18. In Vasant Permanand Muley, relied on by the petitioner, this Court, per P. R. Borkar J, has held that one of the salutary objects of law of limitation is to prevent the plaintiff from raking up old dispute in respect of which other party would not be able to adduce clear cogent evidence. Despite objection by defendants on the ground of non-joinder, whenever the period of limitation was allowed to expire, it would be too late for the plaintiff to join such necessary parties to the suit. And the only course is to dismiss the very suit. Distinguishing between a proper and a necessary party, it has also held that if the party is only a proper party, the suit as regards the other parties would not be barred because the suit, which had already been instituted, was legal and proper.
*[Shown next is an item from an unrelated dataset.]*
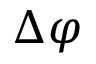
\Delta \varphi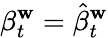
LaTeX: \beta_{t}^{\mathbf{w}}={\hat{{\beta}}}_{t}^{\mathbf{w}}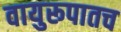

Of course, to apply that proposition here, it is premature. I better leave it for the trial Court to appreciate the question of limitation once the parties, now brought on record, enter their appearance. 19. Here, in 2011 the petitioner pointed out the respondents' omission to bring on record the necessary party. The respondents, however, remained quiet until 2020. They hardly demonstrated, not even pleaded, any reason to invoke the proviso to section 21 of the Limitation Act. Of course, the trial Court, too, has not spelt out that the impleadment was retroactive. It is only prospective. Result: 20. Therefore, it serves the ends of justice if I hold that the parties now impleaded have actually been brought on record in terms of sub-rule (5) of Rule 10 of Order 1, CPC. And, by that reckoning, the issue of limitation is left open for all the parties to urge before the trial Court during the trial. 21. Thus, the writ petition stands disposed of.